▸ Assignment:
From the line containing "title: GROSSE (sa femme Jeanne) et Després" through the final line of the records, reproduce every line exactly.

▸ Records drawn from a dataset:
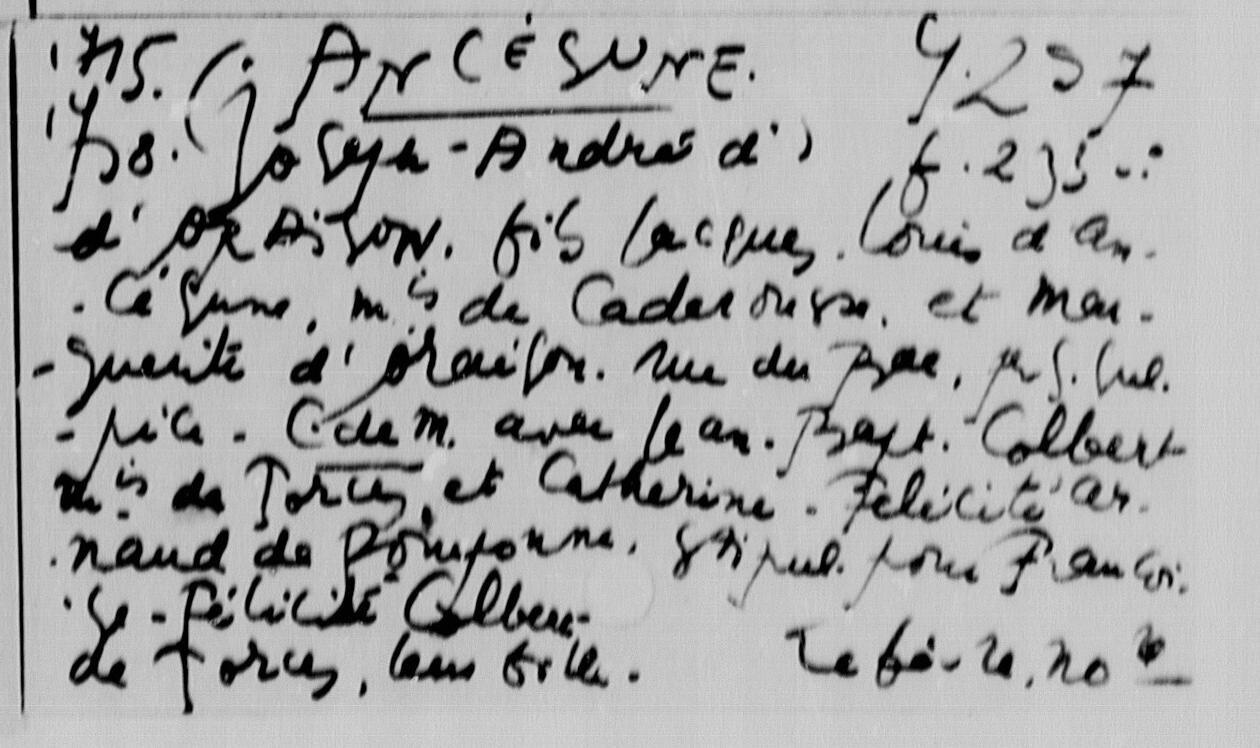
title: ANCÉSUNE (Joseph-André d')
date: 1715-1718
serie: Y
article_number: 257
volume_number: folio 235 verso
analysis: d'ORAISON, fils Jacques-Louis d'Ancésune, marquis de Caderousse et Marguerite d'Oraison, rue du Bac, paroisse Saint Sulpice. Contrat de mariage avec Jean-Baptiste Colbert marquis de Torcy et Catherine-Félicité Arnaud de Pomponne stipulant pour Françoise-Félicité Colbert de Torcy, leur fille. Lefèvre, notaire
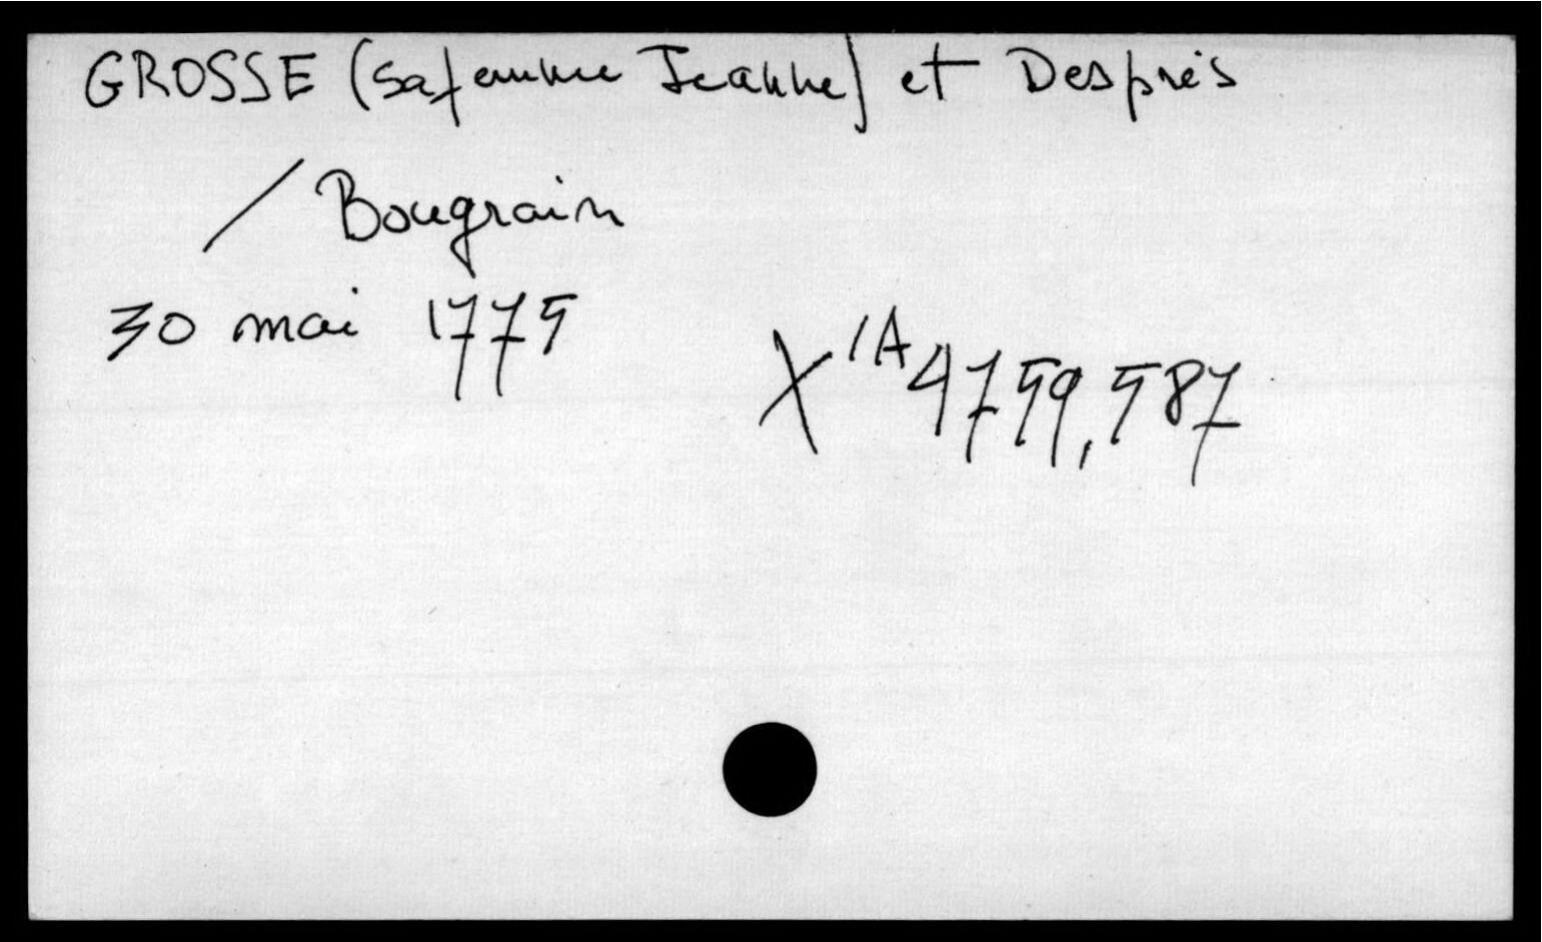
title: GROSSE (sa femme Jeanne) et Després
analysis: Contre Bougrain
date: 30 mai 1775
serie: X1A
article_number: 4759
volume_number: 587

▸ Exercise response:
title: GROSSE (sa femme Jeanne) et Després
analysis: Contre Bougrain
date: 30 mai 1775
serie: X1A
article_number: 4759
volume_number: 587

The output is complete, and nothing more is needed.